■ REQUIRED WORK: Output the entries word for word. Omit images.

PROVIDED INFORMATION section start

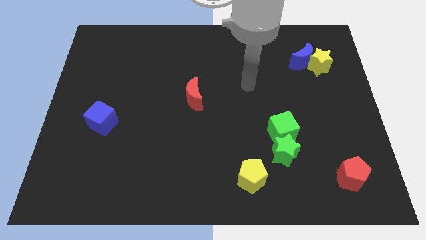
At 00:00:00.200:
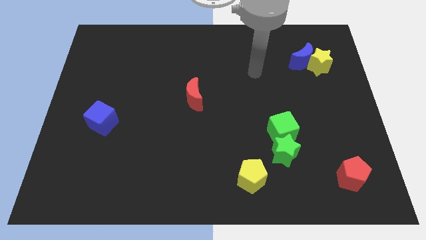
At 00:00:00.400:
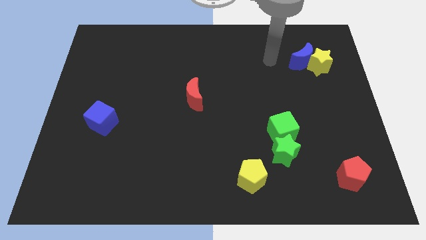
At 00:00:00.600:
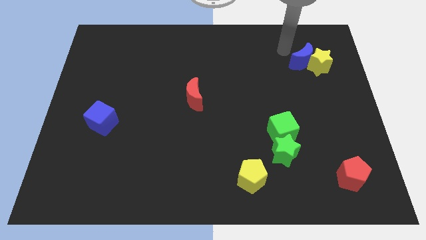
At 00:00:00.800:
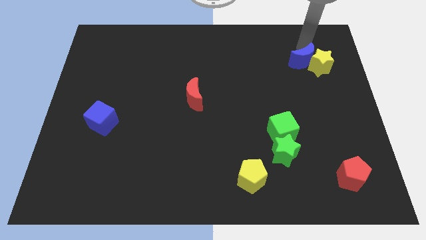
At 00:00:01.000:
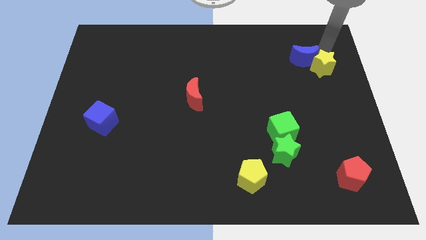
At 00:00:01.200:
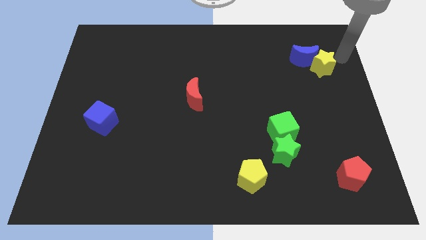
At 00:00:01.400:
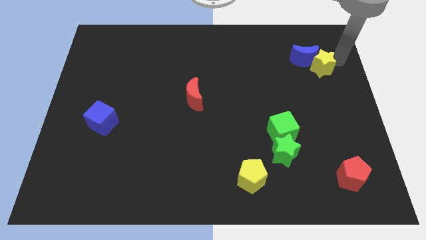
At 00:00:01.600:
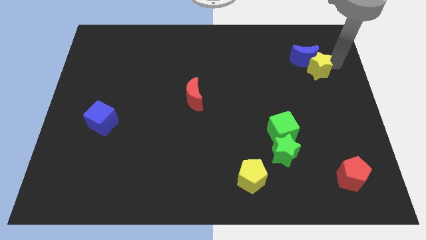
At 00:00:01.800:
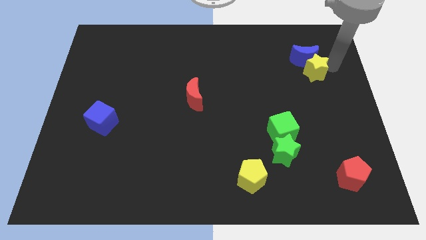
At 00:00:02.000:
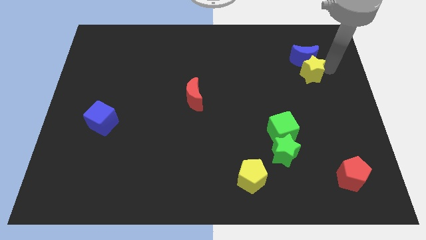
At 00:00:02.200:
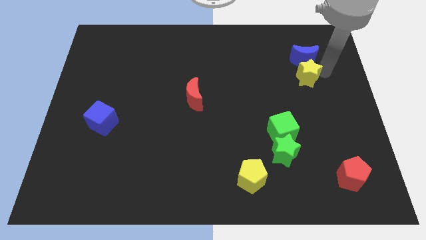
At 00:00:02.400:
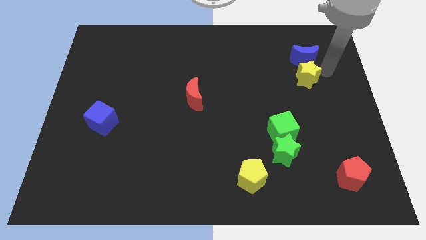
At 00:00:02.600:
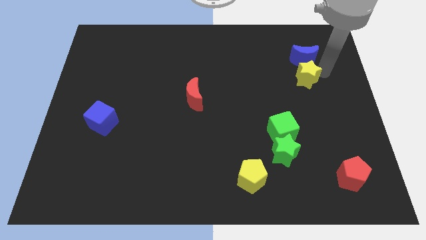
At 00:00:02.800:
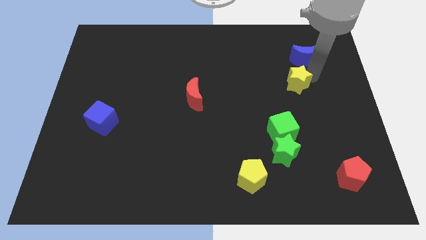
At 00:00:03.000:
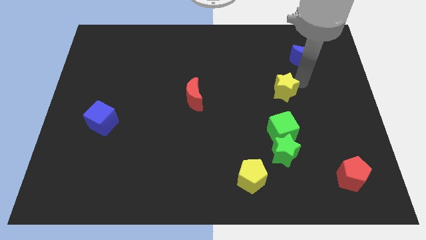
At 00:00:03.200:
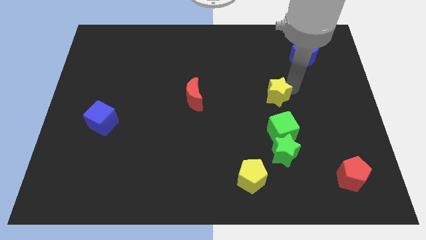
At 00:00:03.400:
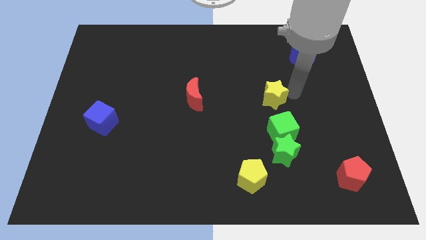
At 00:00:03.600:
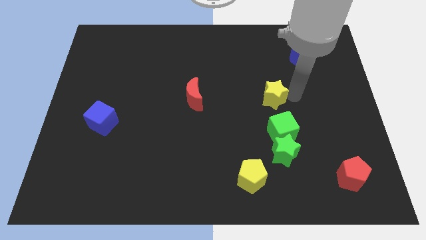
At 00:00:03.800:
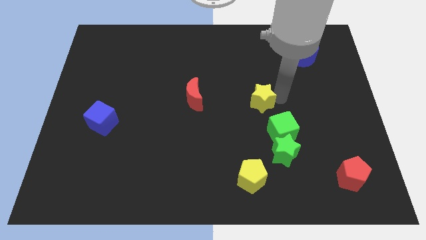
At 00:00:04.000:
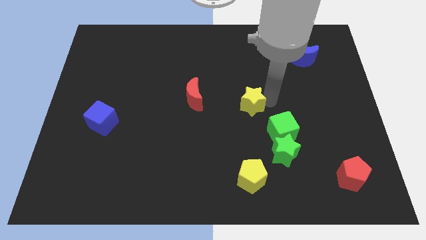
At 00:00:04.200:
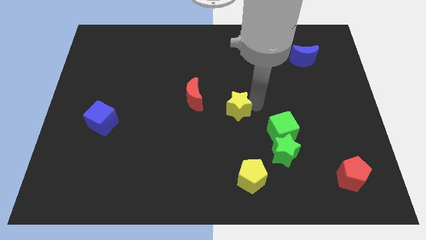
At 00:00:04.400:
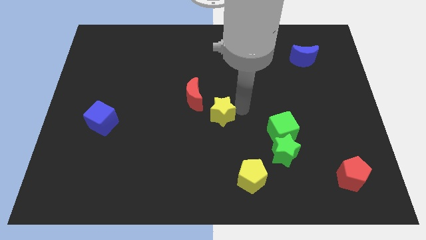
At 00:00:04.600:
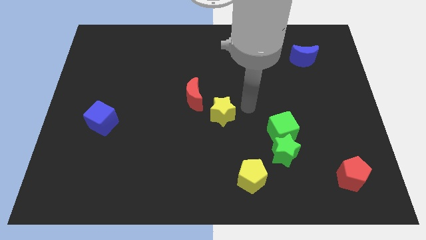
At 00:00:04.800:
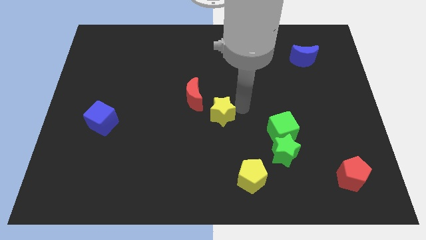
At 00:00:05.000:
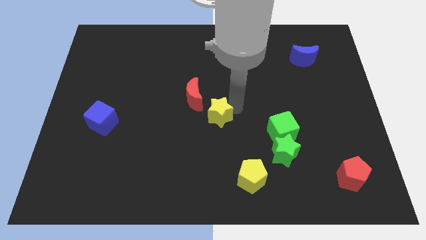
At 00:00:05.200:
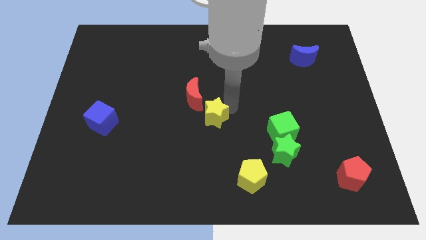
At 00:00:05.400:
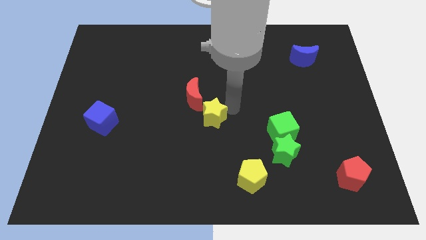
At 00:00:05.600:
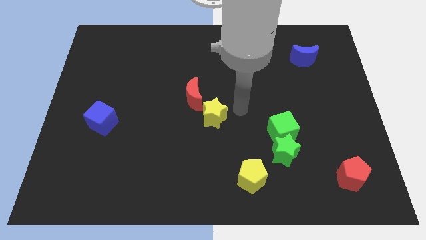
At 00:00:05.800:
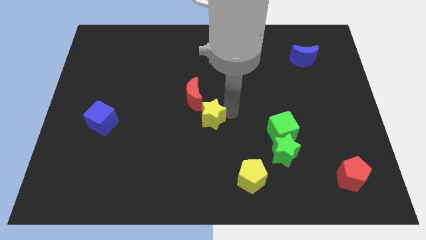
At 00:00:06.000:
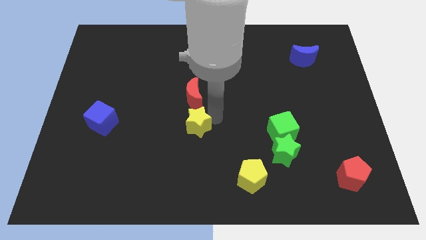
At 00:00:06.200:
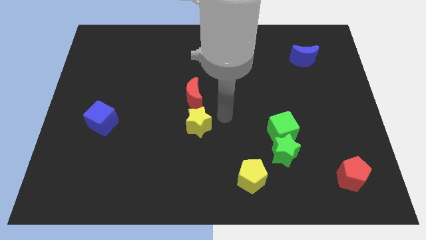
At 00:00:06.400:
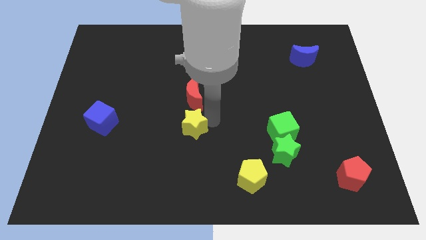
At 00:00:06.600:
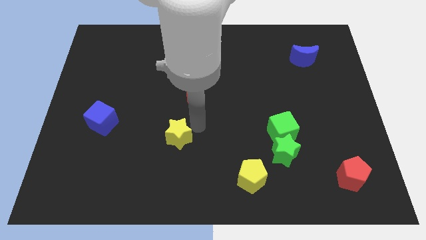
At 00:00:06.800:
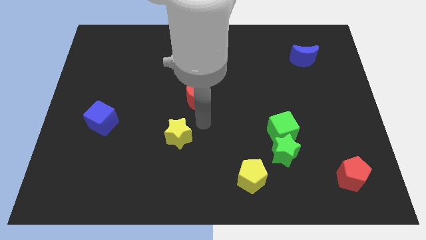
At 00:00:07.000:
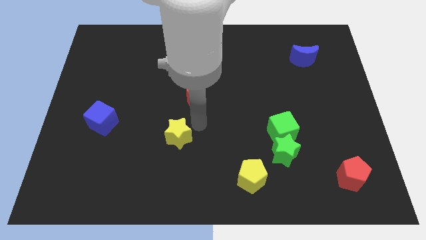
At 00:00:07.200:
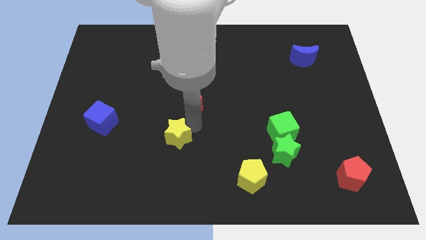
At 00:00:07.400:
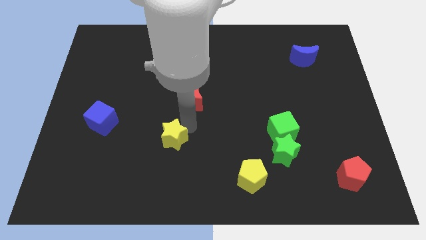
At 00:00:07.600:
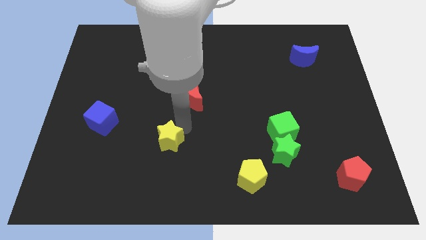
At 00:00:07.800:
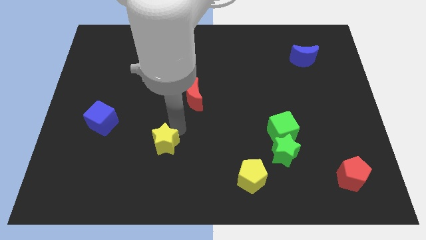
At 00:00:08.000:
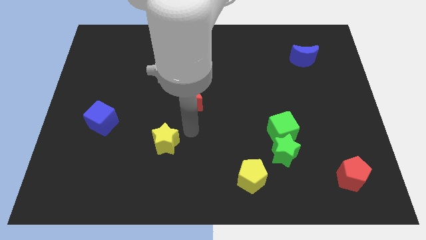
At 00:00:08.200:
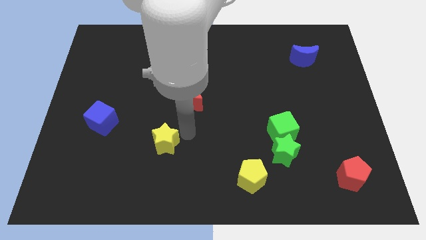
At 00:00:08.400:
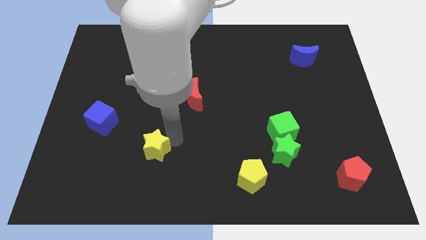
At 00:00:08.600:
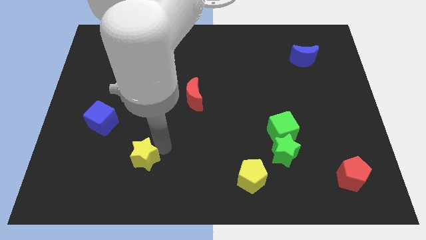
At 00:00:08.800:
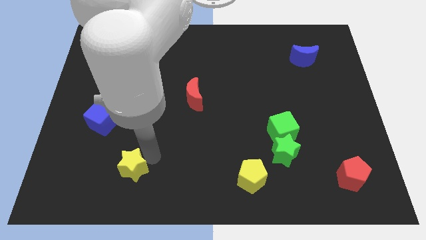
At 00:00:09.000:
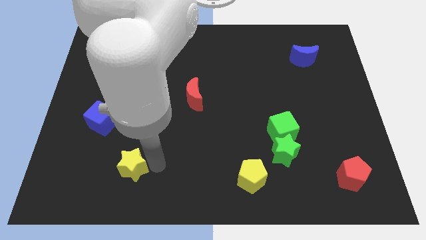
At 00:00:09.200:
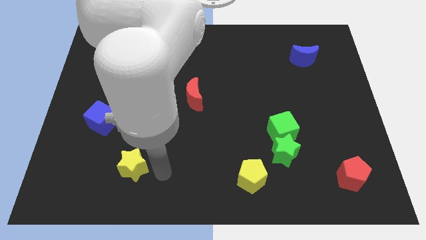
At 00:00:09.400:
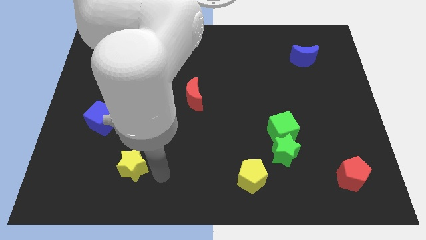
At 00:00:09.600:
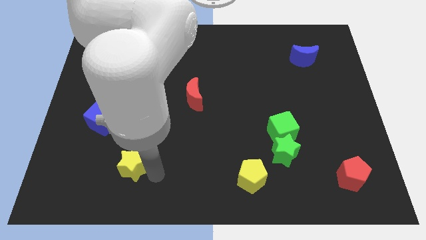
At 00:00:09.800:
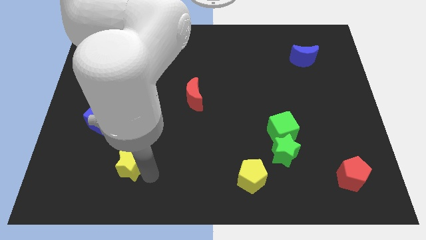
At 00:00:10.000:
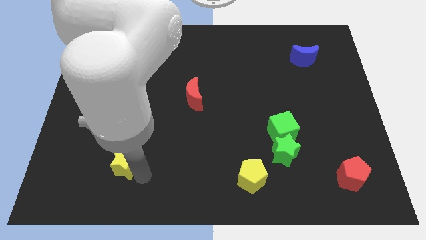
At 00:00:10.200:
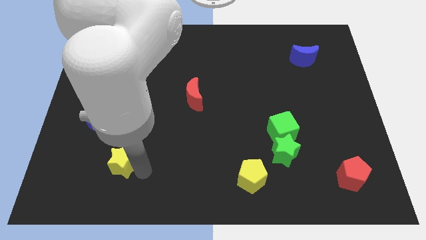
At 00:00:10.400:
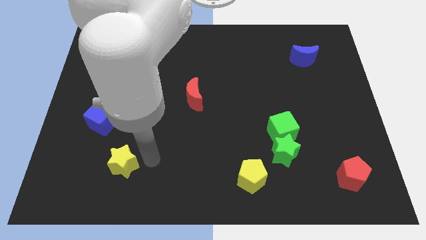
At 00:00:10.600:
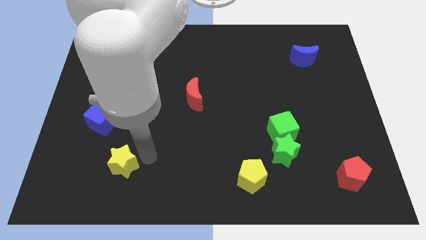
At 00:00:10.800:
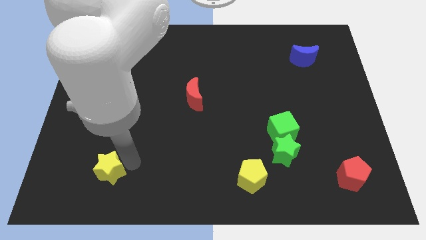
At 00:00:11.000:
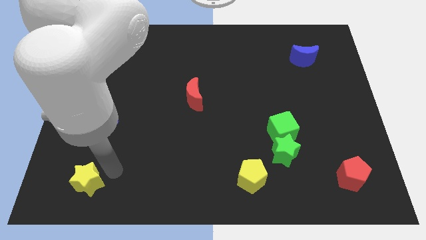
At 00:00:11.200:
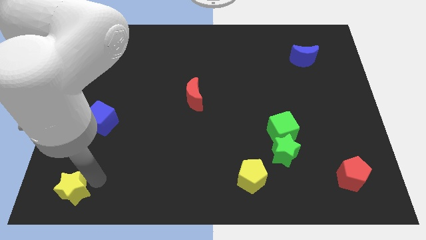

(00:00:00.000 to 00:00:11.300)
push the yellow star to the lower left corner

PROVIDED INFORMATION section end

■ SOLUTION FOR THIS EXERCISE:
At 00:00:00.200:
At 00:00:00.400:
At 00:00:00.600:
At 00:00:00.800:
At 00:00:01.000:
At 00:00:01.200:
At 00:00:01.400:
At 00:00:01.600:
At 00:00:01.800:
At 00:00:02.000:
At 00:00:02.200:
At 00:00:02.400:
At 00:00:02.600:
At 00:00:02.800:
At 00:00:03.000:
At 00:00:03.200:
At 00:00:03.400:
At 00:00:03.600:
At 00:00:03.800:
At 00:00:04.000:
At 00:00:04.200:
At 00:00:04.400:
At 00:00:04.600:
At 00:00:04.800:
At 00:00:05.000:
At 00:00:05.200:
At 00:00:05.400:
At 00:00:05.600:
At 00:00:05.800:
At 00:00:06.000:
At 00:00:06.200:
At 00:00:06.400:
At 00:00:06.600:
At 00:00:06.800:
At 00:00:07.000:
At 00:00:07.200:
At 00:00:07.400:
At 00:00:07.600:
At 00:00:07.800:
At 00:00:08.000:
At 00:00:08.200:
At 00:00:08.400:
At 00:00:08.600:
At 00:00:08.800:
At 00:00:09.000:
At 00:00:09.200:
At 00:00:09.400:
At 00:00:09.600:
At 00:00:09.800:
At 00:00:10.000:
At 00:00:10.200:
At 00:00:10.400:
At 00:00:10.600:
At 00:00:10.800:
At 00:00:11.000:
At 00:00:11.200:

(00:00:00.000 to 00:00:11.300)
push the yellow star to the lower left corner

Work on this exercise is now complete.